People took to the streets in Johannesburg and Cape Town, South Africa; Paris, London, New York, San Francisco, Washington and other cities. Everywhere their message was the same: Health care is a human right, and should not be a commodity sold for profit.

Jaime Balboa of the International Gay and Lesbian Human Rights Commission said of both the Clinton/Gore administration and the WTO: "They have prioritized pharmaceutical lobbyists' concerns over public health. ... The United Nations' most recent statistics indicate that 50 million people now have HIV/AIDS. We must put saving lives before corporate profits."

Ninety percent of people with HIV and AIDS live in Africa, Asia, Latin America and the Caribbean.

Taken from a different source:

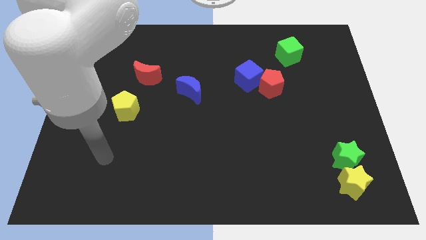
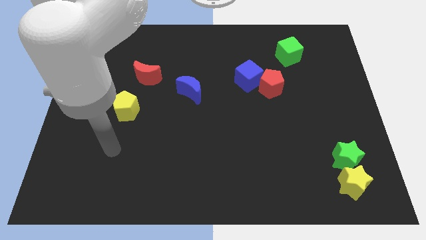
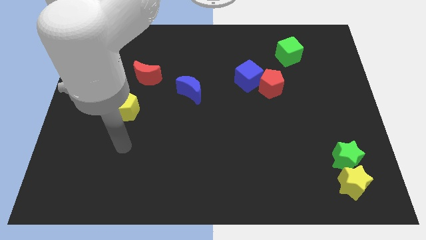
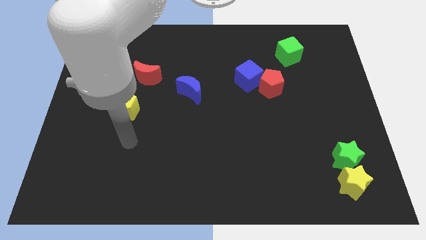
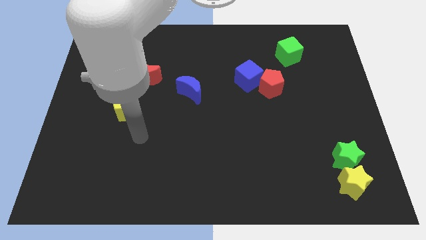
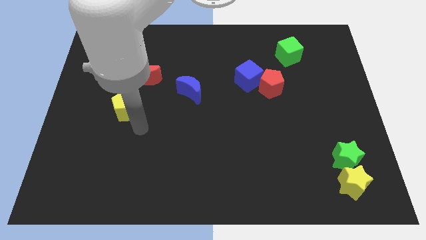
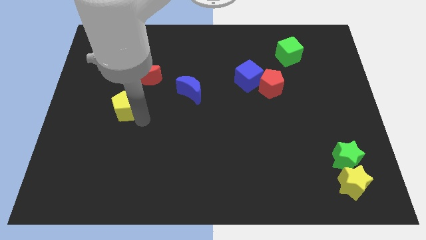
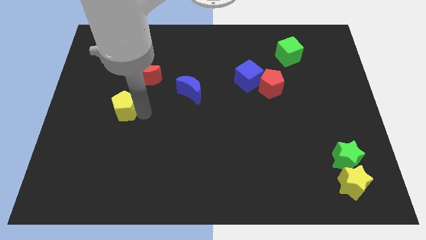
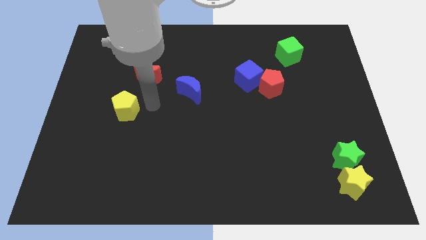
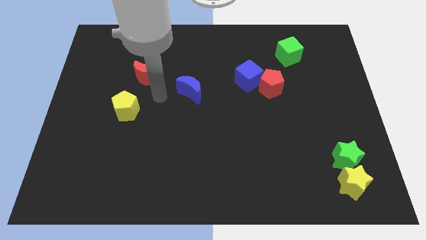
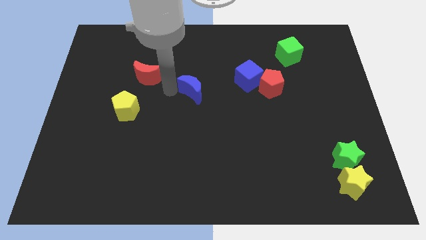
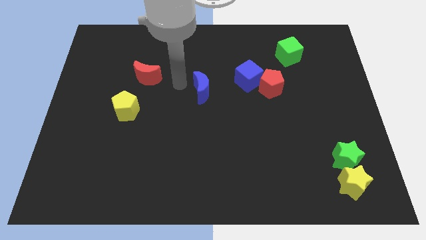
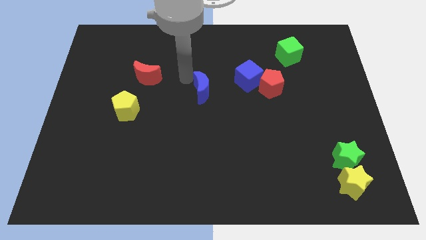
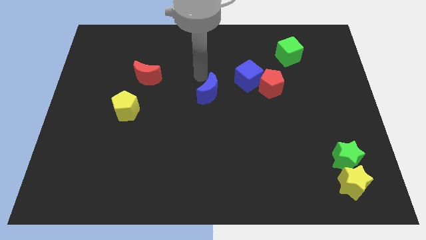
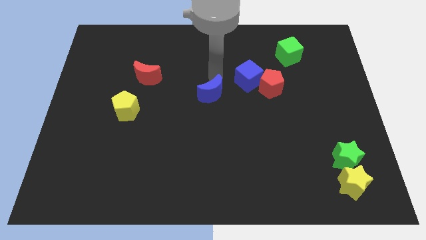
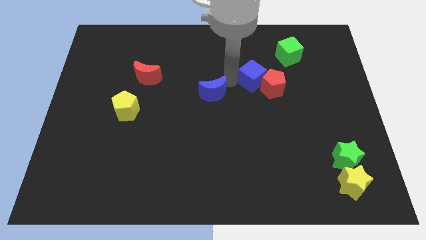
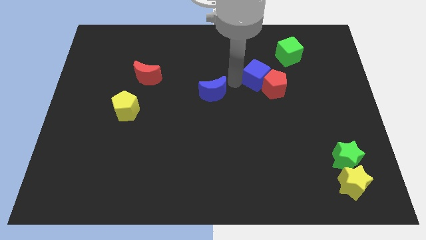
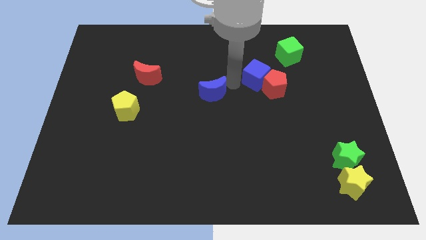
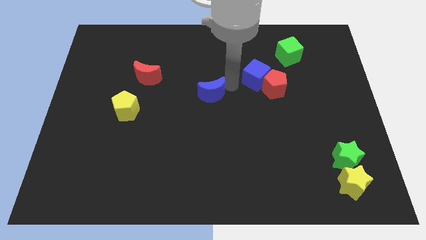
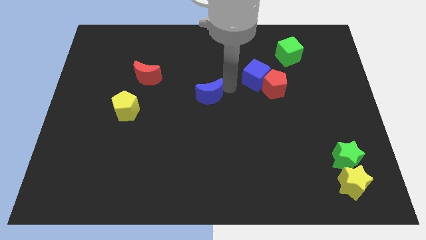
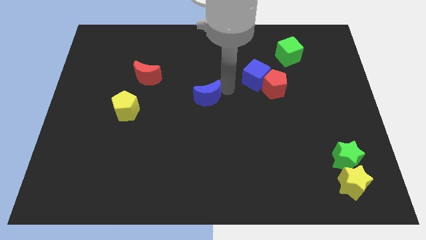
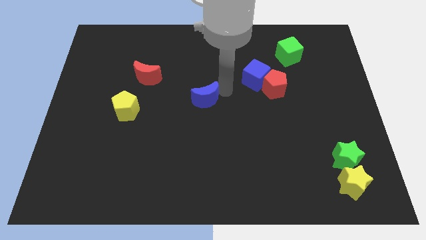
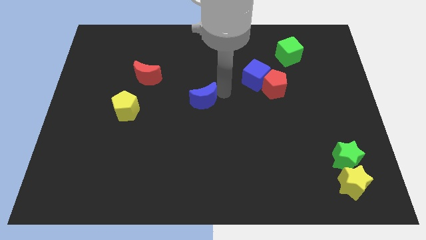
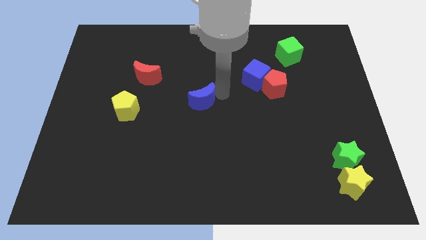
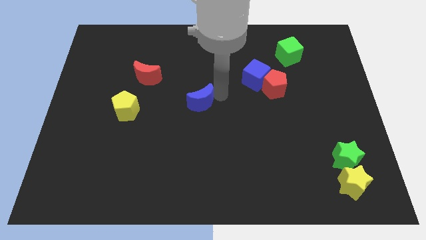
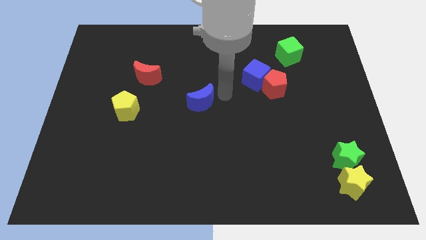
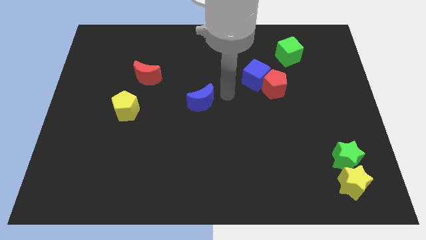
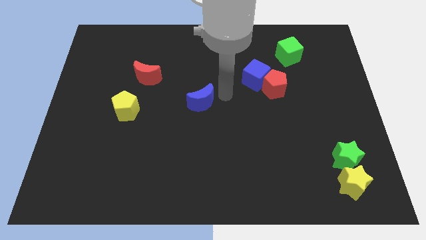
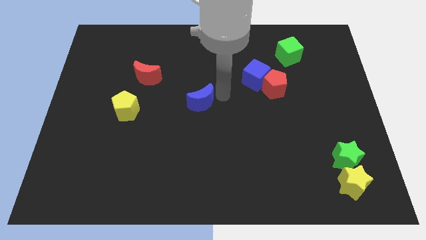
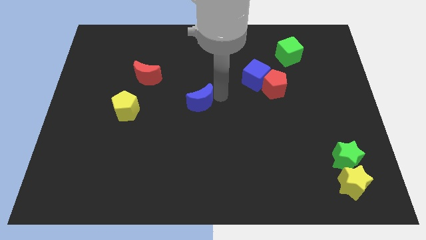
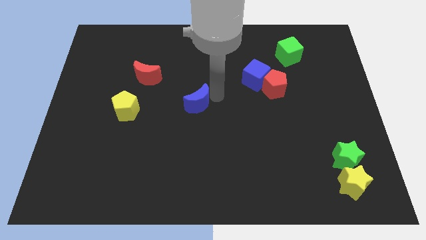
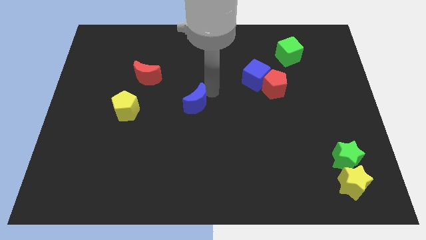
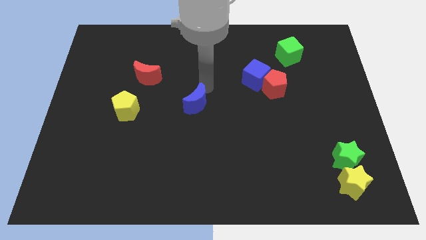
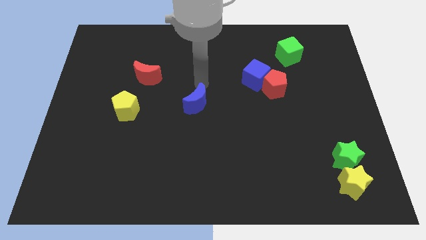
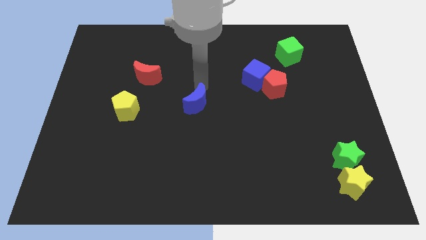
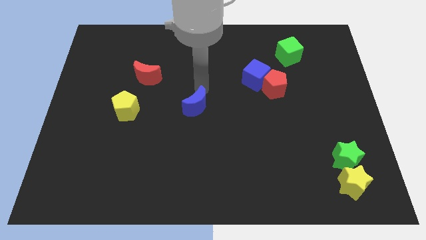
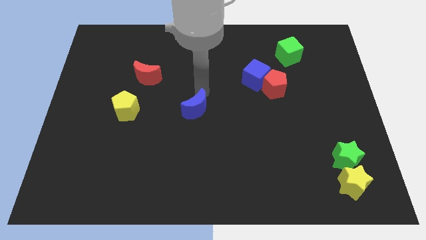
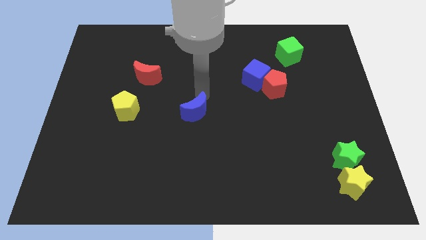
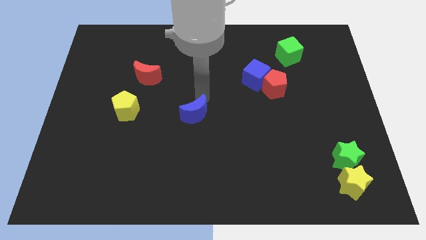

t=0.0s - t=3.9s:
slightly slide the blue moon down

According to Balboa, big pharmaceuticals concerns have used the Clinton administration, the WTO and any other tool to block oppressed countries from access to lower-priced HIV medicines.

"The U.S. has also bypassed the WTO, when necessary, and exerted bilateral pressure on countries like South Africa and Thailand to keep the life-saving medicine more expensive," Balboa said.

In New York, AIDS activists had reacted angrily when the NBC television network scheduled its annual Rockefeller Center Christmas Tree lighting for Dec. 1. They charged NBC executives with callousness in choosing to indulge in glitzy hoopla on a day that should be set aside to honor those struggling with HIV/AIDS. New York's World AIDS Day action targeted NBC.